To validate the superiority of our proposed method, we conducted the following comparative experiments:

1. Guided trajectory RL with demonstration density sampling states + BC (Our method).

2. Naive trajectory RL with demonstration density sampling states + BC.

3. Partially Guided DDPG trajectory RL with continuous states.

4. Naive DDPG trajectory RL with continuous states.

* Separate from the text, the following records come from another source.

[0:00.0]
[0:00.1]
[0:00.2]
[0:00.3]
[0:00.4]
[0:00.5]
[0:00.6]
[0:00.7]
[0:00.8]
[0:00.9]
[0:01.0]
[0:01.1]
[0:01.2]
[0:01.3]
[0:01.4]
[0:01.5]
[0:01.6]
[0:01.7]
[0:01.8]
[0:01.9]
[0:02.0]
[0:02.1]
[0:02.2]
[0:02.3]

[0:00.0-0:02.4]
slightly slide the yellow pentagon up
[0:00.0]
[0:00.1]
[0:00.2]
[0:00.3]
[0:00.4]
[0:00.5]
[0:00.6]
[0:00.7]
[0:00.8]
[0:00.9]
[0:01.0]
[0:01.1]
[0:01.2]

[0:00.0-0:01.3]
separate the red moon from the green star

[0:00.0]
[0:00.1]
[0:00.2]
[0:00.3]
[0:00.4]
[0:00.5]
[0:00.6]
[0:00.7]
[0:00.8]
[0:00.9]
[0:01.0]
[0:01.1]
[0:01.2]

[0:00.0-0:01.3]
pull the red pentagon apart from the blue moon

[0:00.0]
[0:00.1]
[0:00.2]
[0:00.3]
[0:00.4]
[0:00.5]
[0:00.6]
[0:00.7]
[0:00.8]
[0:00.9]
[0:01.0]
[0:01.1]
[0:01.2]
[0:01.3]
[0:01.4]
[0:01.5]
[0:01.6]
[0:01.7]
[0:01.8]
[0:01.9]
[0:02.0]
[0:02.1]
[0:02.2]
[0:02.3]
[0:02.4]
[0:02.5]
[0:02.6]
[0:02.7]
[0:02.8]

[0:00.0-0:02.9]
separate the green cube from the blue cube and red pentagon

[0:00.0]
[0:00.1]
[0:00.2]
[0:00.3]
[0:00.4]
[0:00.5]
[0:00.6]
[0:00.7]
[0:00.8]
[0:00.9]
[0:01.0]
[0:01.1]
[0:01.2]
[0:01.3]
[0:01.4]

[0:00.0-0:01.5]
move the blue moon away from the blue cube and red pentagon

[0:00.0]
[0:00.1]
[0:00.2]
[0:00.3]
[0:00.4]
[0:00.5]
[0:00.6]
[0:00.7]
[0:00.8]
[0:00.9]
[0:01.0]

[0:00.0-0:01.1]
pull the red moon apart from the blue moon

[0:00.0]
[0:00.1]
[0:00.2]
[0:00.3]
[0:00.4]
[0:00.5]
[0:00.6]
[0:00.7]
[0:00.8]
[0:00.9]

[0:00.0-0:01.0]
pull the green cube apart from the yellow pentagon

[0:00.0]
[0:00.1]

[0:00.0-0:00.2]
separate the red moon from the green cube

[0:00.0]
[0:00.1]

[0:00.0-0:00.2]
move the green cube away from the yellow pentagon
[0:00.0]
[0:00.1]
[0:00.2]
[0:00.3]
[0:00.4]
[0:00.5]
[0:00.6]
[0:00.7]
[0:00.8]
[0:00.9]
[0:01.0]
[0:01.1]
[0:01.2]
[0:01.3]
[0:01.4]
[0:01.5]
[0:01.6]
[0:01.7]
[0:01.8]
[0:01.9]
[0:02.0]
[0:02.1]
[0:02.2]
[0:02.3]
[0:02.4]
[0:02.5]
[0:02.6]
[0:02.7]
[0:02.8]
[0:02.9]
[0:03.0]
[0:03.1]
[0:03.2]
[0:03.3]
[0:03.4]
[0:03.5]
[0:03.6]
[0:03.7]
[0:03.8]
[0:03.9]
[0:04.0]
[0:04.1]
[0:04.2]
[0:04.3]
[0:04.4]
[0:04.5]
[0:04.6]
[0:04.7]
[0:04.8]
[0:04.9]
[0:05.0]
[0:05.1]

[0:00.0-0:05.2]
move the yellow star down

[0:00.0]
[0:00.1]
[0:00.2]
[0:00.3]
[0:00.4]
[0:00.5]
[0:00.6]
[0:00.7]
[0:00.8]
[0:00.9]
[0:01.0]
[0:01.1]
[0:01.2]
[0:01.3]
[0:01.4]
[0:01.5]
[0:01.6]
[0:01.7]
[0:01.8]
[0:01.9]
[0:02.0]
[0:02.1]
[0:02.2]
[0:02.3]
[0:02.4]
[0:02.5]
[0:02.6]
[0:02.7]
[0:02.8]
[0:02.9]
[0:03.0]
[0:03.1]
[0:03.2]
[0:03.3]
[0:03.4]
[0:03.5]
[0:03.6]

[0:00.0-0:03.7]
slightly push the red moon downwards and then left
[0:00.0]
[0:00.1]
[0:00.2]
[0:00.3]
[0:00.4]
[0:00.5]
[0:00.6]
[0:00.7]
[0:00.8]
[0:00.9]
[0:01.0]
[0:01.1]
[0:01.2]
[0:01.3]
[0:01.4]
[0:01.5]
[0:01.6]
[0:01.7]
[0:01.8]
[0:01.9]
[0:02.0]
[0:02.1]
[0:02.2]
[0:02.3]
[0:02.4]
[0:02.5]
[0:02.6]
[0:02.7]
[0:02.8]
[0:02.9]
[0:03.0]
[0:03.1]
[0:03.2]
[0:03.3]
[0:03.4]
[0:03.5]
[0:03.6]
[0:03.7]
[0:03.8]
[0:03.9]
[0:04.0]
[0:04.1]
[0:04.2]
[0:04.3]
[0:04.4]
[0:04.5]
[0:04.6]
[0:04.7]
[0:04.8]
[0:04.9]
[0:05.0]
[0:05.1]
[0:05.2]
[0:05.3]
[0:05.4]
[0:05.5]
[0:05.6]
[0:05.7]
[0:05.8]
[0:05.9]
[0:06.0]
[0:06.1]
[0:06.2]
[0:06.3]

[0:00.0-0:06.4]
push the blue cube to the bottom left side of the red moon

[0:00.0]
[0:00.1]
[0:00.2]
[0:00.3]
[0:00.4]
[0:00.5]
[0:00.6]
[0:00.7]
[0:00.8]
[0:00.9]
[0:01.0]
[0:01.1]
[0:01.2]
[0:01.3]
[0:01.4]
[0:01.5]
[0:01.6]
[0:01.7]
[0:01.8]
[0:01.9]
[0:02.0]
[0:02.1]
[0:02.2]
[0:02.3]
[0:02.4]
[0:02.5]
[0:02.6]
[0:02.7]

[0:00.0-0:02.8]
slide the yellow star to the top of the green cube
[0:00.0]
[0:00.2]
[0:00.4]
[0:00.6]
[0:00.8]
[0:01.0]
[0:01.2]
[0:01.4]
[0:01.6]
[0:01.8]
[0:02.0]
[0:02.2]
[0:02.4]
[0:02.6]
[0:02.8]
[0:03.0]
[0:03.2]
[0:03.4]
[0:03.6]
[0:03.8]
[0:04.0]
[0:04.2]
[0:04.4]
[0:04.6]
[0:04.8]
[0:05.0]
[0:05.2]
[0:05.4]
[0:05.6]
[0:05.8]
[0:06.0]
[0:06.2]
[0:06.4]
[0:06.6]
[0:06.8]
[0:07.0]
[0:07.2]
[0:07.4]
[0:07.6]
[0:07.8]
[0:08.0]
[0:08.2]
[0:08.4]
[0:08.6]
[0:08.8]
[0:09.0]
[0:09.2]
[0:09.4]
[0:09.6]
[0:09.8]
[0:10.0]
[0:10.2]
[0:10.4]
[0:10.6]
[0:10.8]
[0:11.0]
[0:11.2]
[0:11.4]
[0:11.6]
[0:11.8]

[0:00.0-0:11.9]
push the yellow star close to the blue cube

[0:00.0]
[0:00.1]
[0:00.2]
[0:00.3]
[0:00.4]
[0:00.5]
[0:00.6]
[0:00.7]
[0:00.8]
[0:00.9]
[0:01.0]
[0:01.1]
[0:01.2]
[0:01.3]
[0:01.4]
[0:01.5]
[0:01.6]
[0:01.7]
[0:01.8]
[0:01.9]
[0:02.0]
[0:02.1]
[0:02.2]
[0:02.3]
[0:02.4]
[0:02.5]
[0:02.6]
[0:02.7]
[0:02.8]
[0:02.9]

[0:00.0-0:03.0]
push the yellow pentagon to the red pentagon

5. Knowledge-based strategy only + BC.

's important to note that our guided reinforcement learning method cannot be fully applied to the DDPG method. Therefore, in experiment 3, we only used the network parameters from experiment 5 to initialize the DDPG Actor network and used the exploration range constraints obtained from Section 3.2 to restrict exploration behavior. To allow the Critic network's parameters to adapt to the initial Actor parameters, we did not train the Actor network in the first 100 steps, and these steps were not counted in the learning process. That is, the learning process for experiment 3 began after 100 steps. Additionally, since experiment 5 did not involve iterations, we will directly present its experimental results.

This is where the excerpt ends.